What I am trying to say here is that life in Dubai, compared to that in LA, seems to me more free-wheeling, less structured, less punishing, never dull and generally more forgiving.
Dubai gives you a sense of empowerment that no other city can provide.
Case in point; I was here back in January when Michael Eisner participated in a leadership conference along with Colin Powell. Having worked in Disney for few years, where Eisner was the absolute emperor whose tiniest whims were stone-clad commands, I expected that his presence here would create a similar buzz in line with his high US status.
I mean, after all, Eisner turned Disney around from a $2 billion sleeping giant in 1984 to a $45 billion conglomerate in 2006. He was one of the most watched and celebrated CEOs in America.
Imagine my surprise when I "felt", and I could be dead wrong, of course, that here in Dubai, Michael Eisner is basically just another guy! Another name on World Trade Centre's huge guest list! Dare I hint to this in the US, I would be looked at as a leper!
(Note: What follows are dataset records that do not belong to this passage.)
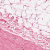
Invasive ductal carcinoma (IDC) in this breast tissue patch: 0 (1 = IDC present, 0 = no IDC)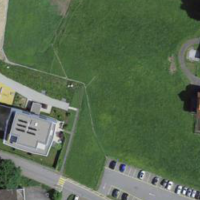
EUNIS habitat code: 55
Species observed at this site:
Neottia nidus-avis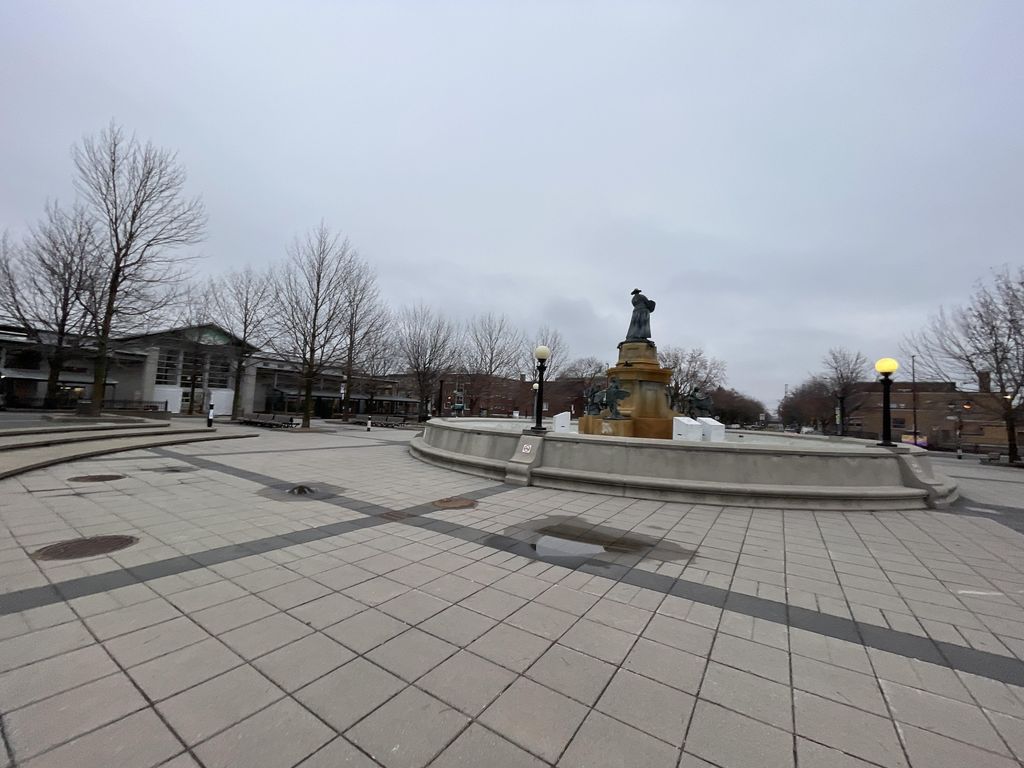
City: montreal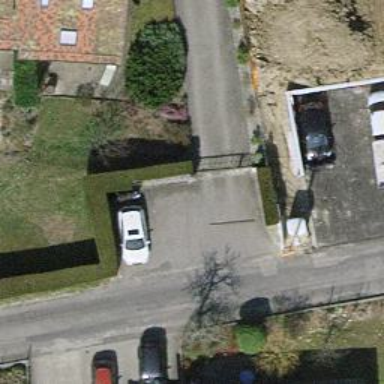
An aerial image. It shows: Gate.
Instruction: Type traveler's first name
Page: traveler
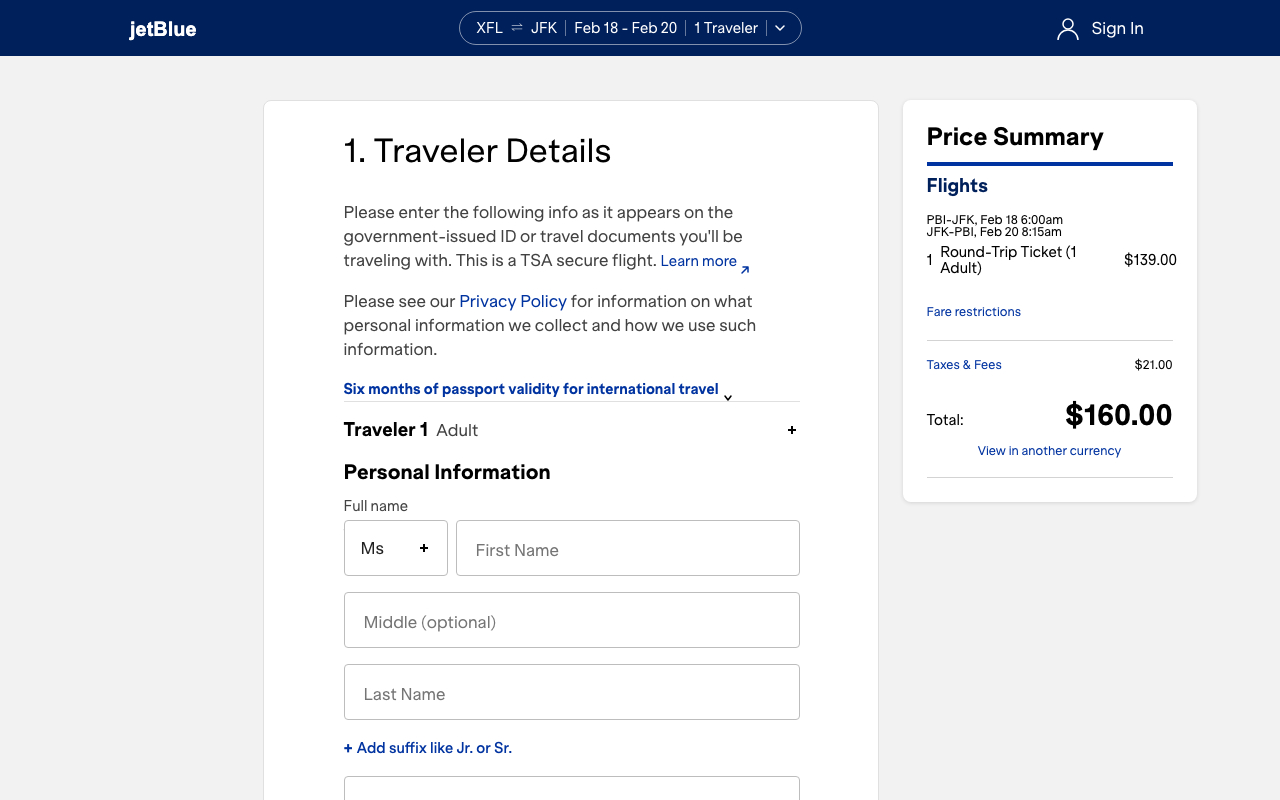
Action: type

I was deviously entertained when I heard, through the grapevine, that Eisner lost his temper with the bright girl who interviewed him for a television channel. Perhaps his arrogance was rubbed in ways he wouldn't think were possible, let alone in a foreign country that he never visited before. I admit I felt slightly relieved and vindicated.
Only as partial payback for the stereotyping that he carelessly allowed to appear in the infamous cartoon feature, Aladdin which amounted to drinking from the well and committing number one inside it, if you get my drift!
For all his US power and influence, poor Eisner passed through Dubai without breaking the sound barrier, and without being given the emperor status splashed on him in US media.
I wonder what items he bought from the airport! Did he negotiate a better output deal? Did he keep the receipt for a planned expense report?
Perhaps some of you did not know Eisner was here in Dubai till now. Sounds rude or little nasty? I admit. But hey, I am only going by the old famous Arabic proverb:" No one is big except the camel".
Ahmad Zahzah is a journalist based in the UAE.